_Work to complete_
Tally the lines of the entries in which the string "none" occurs, and say only how many.

_Provided records_
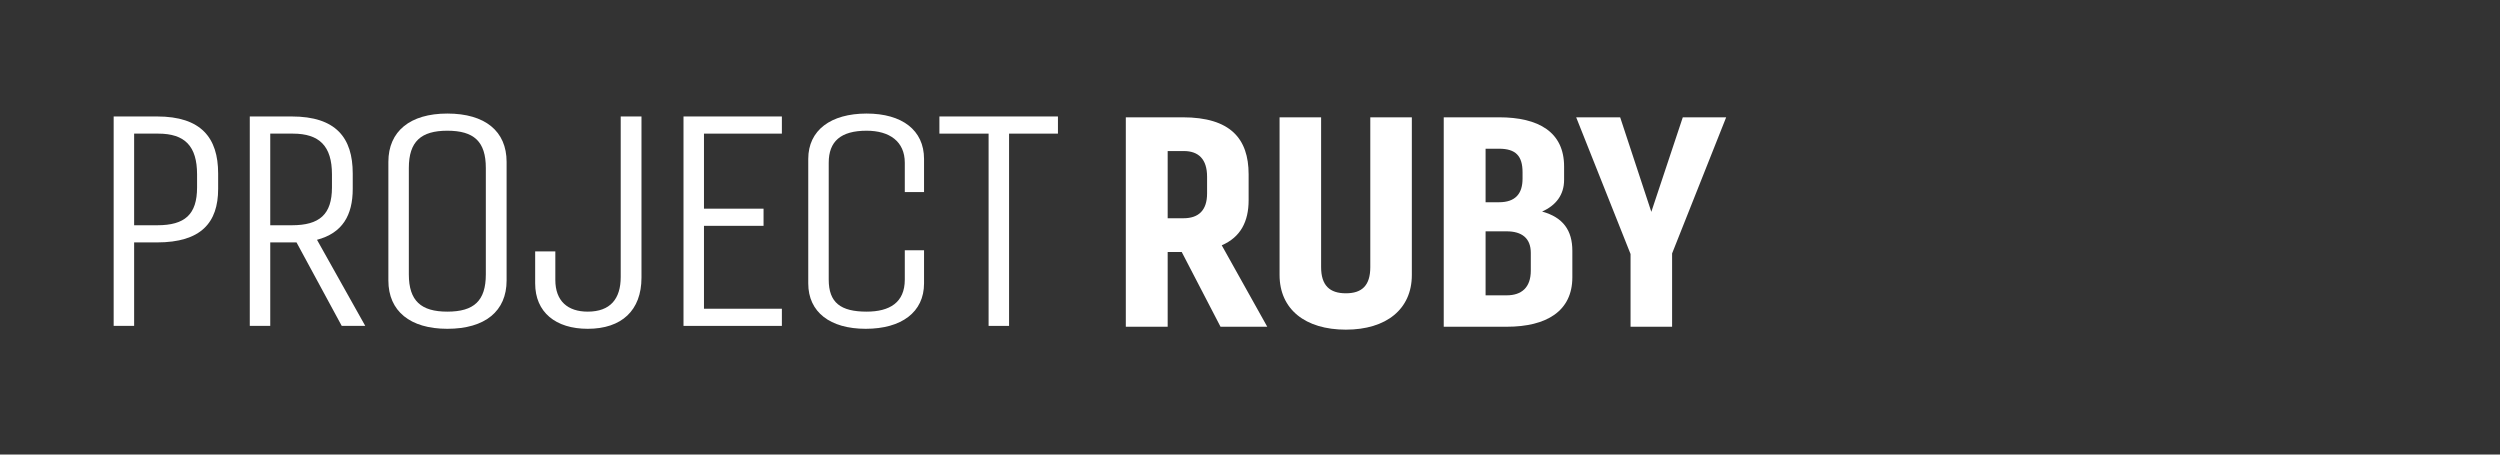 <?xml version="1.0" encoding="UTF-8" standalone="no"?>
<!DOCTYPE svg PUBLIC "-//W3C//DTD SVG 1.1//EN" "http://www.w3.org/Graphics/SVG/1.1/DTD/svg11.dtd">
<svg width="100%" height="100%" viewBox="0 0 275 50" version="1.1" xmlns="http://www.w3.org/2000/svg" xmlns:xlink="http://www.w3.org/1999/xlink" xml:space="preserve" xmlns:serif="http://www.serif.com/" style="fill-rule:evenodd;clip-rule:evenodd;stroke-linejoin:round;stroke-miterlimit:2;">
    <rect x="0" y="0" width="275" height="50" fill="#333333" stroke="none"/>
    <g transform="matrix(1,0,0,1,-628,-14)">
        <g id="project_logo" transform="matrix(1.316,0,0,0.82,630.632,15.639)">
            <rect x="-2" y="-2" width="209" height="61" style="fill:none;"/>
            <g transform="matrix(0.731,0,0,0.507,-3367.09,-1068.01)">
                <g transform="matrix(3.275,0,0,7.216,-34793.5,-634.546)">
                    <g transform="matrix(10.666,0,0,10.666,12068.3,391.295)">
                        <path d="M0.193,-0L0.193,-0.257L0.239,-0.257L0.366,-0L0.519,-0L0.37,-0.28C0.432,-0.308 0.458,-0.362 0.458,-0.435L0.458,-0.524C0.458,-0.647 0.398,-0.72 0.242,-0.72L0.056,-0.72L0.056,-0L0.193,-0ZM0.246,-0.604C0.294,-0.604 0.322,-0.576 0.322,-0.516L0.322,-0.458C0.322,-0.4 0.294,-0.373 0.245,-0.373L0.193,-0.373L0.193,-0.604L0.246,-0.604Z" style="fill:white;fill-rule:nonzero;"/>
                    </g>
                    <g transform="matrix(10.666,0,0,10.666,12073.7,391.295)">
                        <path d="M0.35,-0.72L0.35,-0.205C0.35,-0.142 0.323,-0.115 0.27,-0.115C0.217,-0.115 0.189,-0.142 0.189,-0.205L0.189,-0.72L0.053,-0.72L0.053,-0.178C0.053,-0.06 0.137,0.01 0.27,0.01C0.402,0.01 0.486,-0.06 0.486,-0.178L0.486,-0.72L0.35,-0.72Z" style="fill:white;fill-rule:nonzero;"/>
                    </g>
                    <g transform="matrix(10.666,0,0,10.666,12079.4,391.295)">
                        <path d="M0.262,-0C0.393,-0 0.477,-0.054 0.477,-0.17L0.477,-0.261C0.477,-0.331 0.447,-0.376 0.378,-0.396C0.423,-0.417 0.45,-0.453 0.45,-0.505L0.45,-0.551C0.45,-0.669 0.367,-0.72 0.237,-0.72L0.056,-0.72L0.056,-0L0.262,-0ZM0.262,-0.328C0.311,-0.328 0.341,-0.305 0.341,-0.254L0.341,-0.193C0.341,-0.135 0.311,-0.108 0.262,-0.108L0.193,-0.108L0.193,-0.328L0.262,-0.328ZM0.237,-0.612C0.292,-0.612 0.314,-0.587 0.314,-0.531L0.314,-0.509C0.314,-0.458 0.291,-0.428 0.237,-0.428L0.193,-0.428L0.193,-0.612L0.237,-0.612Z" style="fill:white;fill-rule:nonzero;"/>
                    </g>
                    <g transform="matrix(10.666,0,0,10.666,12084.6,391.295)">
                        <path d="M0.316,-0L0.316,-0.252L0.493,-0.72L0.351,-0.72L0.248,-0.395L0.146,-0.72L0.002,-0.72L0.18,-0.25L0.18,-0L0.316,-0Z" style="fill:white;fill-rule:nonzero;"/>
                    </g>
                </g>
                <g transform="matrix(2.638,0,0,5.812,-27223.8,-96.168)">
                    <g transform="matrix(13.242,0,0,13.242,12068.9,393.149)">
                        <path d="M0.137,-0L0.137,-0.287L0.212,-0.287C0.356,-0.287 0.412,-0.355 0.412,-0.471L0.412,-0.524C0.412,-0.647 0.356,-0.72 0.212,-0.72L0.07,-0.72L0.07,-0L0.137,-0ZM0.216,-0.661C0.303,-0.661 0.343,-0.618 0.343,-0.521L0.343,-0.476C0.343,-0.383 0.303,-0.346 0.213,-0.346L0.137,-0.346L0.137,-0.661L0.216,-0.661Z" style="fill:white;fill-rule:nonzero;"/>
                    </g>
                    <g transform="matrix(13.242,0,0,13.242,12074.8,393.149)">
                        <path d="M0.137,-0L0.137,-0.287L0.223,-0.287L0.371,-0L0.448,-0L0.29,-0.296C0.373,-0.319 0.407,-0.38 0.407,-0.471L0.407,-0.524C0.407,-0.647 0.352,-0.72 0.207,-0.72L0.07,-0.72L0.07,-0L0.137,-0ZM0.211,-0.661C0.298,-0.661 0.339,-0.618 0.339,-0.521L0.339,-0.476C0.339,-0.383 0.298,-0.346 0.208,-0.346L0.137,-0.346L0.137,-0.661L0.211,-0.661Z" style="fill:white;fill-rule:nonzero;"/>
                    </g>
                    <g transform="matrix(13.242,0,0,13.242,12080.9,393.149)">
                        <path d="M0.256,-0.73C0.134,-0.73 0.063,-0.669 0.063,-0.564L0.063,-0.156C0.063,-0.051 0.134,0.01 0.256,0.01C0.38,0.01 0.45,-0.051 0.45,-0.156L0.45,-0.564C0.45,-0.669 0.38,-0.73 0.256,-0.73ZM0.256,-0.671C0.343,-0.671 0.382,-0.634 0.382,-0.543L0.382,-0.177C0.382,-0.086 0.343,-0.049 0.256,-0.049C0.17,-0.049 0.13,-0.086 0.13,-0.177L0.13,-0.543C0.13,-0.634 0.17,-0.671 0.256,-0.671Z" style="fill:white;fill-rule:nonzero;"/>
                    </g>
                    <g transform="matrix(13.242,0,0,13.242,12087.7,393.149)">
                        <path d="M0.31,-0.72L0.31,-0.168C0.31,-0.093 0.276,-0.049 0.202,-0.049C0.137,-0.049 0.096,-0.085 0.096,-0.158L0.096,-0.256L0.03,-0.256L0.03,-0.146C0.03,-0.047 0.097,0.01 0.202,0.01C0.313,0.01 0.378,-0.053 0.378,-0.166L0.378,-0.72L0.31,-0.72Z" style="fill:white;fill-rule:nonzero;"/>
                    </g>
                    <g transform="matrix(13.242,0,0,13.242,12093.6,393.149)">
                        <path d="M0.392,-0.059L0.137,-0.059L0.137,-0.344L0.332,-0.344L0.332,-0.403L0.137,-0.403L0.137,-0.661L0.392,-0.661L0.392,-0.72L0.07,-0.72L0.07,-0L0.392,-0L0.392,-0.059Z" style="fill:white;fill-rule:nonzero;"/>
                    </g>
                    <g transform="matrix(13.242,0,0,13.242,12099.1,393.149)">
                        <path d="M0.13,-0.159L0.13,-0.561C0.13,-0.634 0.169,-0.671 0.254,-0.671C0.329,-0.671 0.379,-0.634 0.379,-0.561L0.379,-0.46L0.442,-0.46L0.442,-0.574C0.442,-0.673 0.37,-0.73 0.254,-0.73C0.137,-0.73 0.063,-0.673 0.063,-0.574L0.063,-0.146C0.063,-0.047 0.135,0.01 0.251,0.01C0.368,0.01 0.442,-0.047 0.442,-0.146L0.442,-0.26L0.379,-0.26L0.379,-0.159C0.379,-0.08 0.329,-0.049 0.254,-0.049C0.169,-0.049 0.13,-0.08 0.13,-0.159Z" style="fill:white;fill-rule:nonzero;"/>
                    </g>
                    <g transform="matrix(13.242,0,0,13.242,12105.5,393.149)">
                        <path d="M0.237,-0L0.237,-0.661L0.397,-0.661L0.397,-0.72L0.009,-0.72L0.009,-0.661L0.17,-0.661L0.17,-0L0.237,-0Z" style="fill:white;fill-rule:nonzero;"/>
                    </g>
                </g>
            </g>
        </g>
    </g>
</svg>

_Written reply_
2